# Big Al'S Multi-Purpose Plant Food Supplement



## JaySilverman (Jun 19, 2005)

What do you guys think about it? I picked it up at big al's because they were all out of Flourish. I've started using it today. 

On the bottle it reads.

"Big Al'S Multi-Purpose Plant Food Supplement is a kelp extract enriched plant food containing vital Micronutrients, vitamins and trace minerals. Supplies a rich source of Iron concentrate, which is readily absorbed by plant leaves.
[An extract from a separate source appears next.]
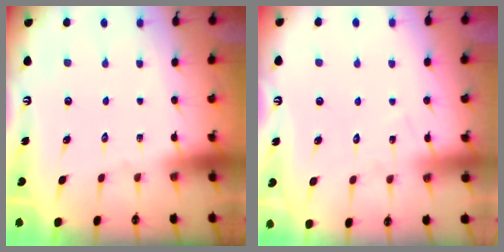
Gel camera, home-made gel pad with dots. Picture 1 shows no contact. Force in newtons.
{"total": 6.8, "press": 6.8, "slide": 0.6}

Contains no phosphates to cause unwanted algae growth.

Guaranteed Analysis
Soluble potash (k20) 3%
Copper (CU)(MIN) .00001%
Iron (FE) (MIN) .24%
.24% Chelated Iron
Manganese (MN)(MIN) .00014%
Molybdenum (MO)(MIN) .0009%
Zinc (ZN)(MIN) .00014%
Kelp extract and vitamin B1 added


----------



## Sir_BlackhOle (Jan 25, 2004)

"Contains no phosphates to cause unwanted algae growth." 

I'm just not quite sure about a product for plants that says that on the bottle....


----------



## Simpte 27 (Jul 16, 2004)

Funny thing is, lots of products claimed for plants say they contain no phosphates! lol


----------